Cosa è l’Ozono
In chimica si dice che è una forma allotropica dell’ossigeno, essendo composto da 3 molecole di ossigeno, anziché da 2.
In natura l’Ozono si genera nella troposfera durante i temporali per effetto si scariche elettriche sull’ossigeno.
È presente nella stratosfera dove scherma le radiazioni ultraviolette, e per tale motivo risulta indispensabile alla vita sulla terra.
Si trova anche in tutti gli esseri viventi dove è prodotto dai globuli bianchi o neutrofili, come nella figura in basso dove potete vedere la rappresentazione schematica dei processi che conducono in vivo alla formazione di O3 da parte dei neutrofili attivati:
Babior BM, Takeuchi C, Ruedi J, Gutierrez A, Wentworth P, Jr. Investigating antibody-catalyzed ozone generation by human neutrophils. Proc Natl Acad Sci U S A. 2003 Mar 18;100(6):3031-4.
Babior BM, Takeuchi C, Ruedi J, Gutierrez A, Wentworth P, Jr. Investigating antibody-catalyzed ozone generation by human neutrophils. Proc Natl Acad Sci U S A. 2003 Mar 18;100(6):3031-4.
Babior BM, Takeuchi C, Ruedi J, Gutierrez A, Wentworth P, Jr. Investigating antibody-catalyzed ozone generation by human neutrophils. Proc Natl Acad Sci U S A. 2003 Mar 18;100(6):3031-4.
L’Ozonoterapia
Quando somministriamo l’ozono per uso medicale, in realtà somministriamo sempre una miscela di Ossigeno e Ozono in percentuali e concentrazioni prestabilite, miscela appositamente prodotta dalla macchina generatrice di Ozono.

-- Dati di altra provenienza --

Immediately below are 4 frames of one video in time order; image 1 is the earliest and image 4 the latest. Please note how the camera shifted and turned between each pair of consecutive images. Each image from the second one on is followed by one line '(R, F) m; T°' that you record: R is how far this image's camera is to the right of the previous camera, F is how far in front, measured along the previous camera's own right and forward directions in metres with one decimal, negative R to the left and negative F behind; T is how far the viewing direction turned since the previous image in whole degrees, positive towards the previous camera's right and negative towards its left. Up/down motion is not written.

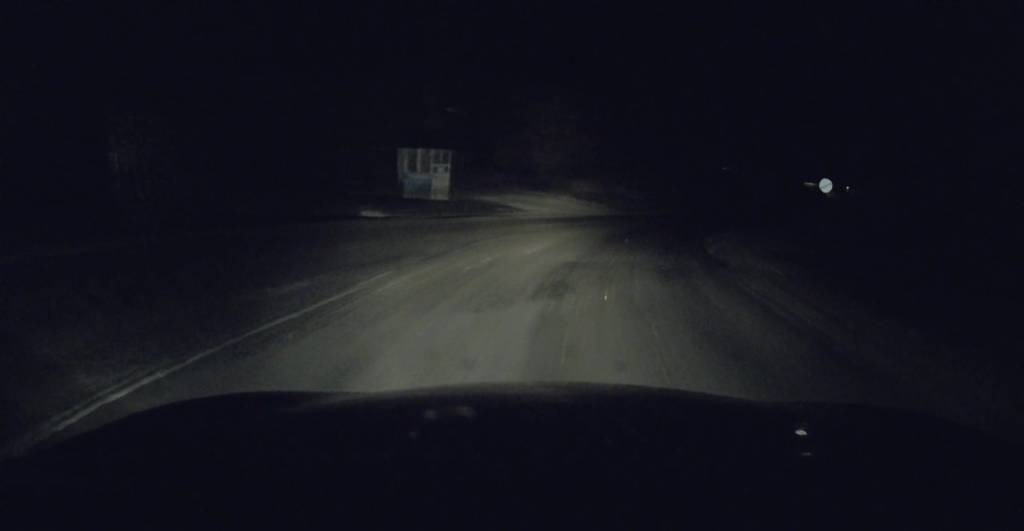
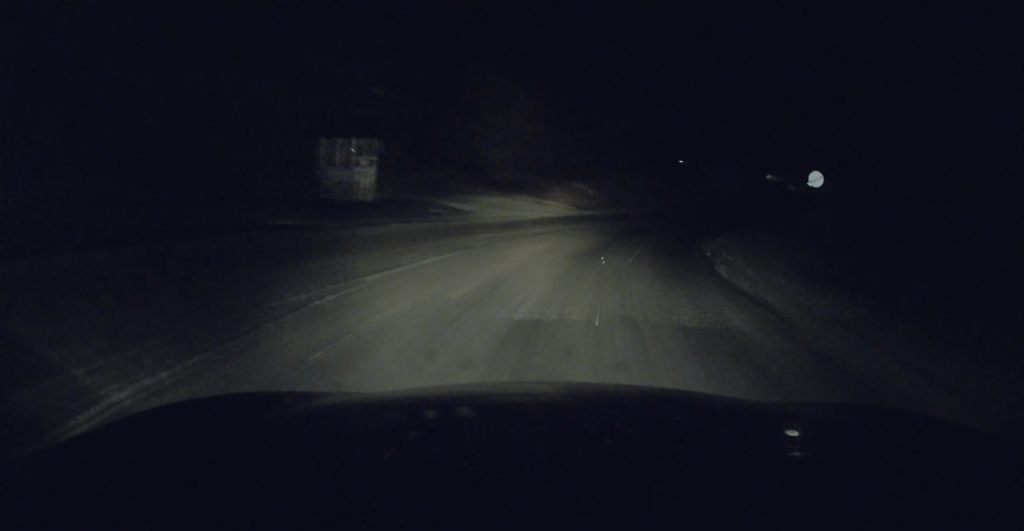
(0.0, +4.4) m; +3°
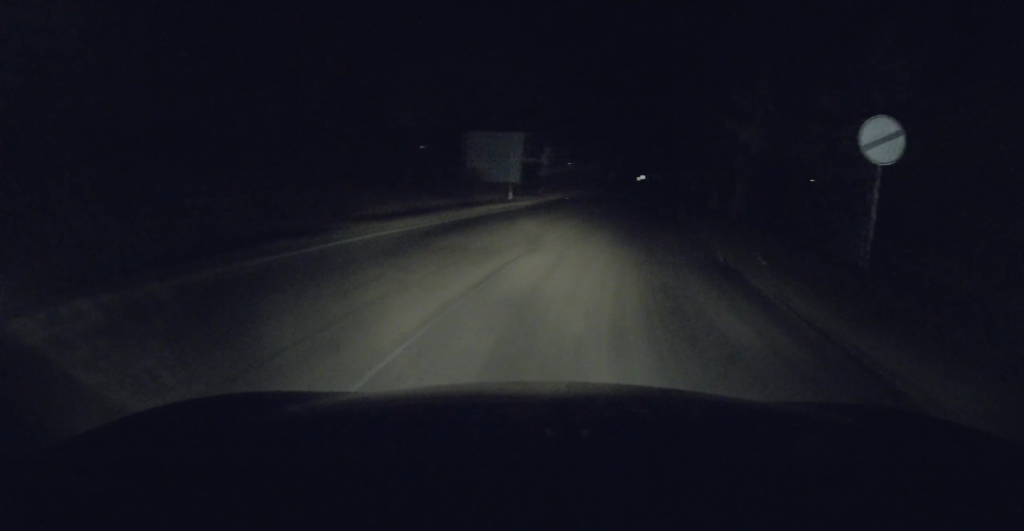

La macchina funziona pressappoco in tal modo: immette l’Ossigeno in un condotto attraversato da una corrente elettrica ad altissimo voltaggio, e tale scarica elettrica produce l’Ozono; quindi mescola insieme l’O2 e l’O3 nella percentuale da noi predeterminata (in genere da 4 a 30 G), miscela che può essere infine prelevata con una siringa nelle quantità volute da una valvola di uscita.

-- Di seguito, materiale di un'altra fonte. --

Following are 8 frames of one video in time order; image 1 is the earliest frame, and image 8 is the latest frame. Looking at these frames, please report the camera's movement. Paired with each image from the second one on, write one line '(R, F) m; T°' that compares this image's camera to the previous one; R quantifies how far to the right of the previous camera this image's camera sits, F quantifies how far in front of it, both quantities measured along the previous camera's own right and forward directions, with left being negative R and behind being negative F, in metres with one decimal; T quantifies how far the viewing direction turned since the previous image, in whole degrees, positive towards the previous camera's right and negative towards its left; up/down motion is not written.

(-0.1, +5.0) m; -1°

Il termine esatto della metodica è, infatti, OZONOTERAPIA.
Per pura comodità e brevità nel corso di questa trattazione abbrevieremo tale definizione con il termine “O3”.
Meccanismo d’azione dell’ozono
Se una cellula del nostro organismo viene sottoposta ad uno stress ossidativo transitorio, questo genera una stimolazione delle difese organiche che induce la produzione nel nucleo cellulare di proteine utili a contrastarlo.
L’Ozono sfrutta in maniera controllata tale risposta antiossidativa, cui consegue un’azione terapeutica antiinfiammatoria.
Pertanto l’Ozono, alla concentrazione utilizzata (inferiore a 40 g), essendo neutralizzato dai sistemi antiossidanti del nostro organismo, NON È TOSSICO!
Questo perché nel plasma vi sono antiossidanti naturali (albumina, proteine, glutatione, vitamine E, C) che neutralizzano totalmente lo stress ossidativo, che peraltro è di brevissima durata (2-3 minuti).
L’ozono ha una efficace azione antibatterica ed antifungina in quanto è in grado di romperne le membrane delle cellule ossidandole e causandone la morte. È virostatico, cioè inattiva i ricettori utilizzati dal virus per legarsi alla cellula da invadere, rendendoli inefficaci.
L’Ozonoterapia permette di migliorare i sistemi di difesa del nostro organismo contro l’azione dei radicali liberi che causano l’invecchiamento cellulare. Migliora la micro-circolazione favorendo la diffusione di ossigeno nel plasma, producendo un’azione antinfiammatoria, analgesica, battericida e infine immunomodulante cioè capace di rafforzare la risposta immunitaria.
L’O3 NON PUÒ PROVOCARE ALLERGIE poiché non è una molecola proteica; non è cancerogeno e non produce interazioni con altri farmaci.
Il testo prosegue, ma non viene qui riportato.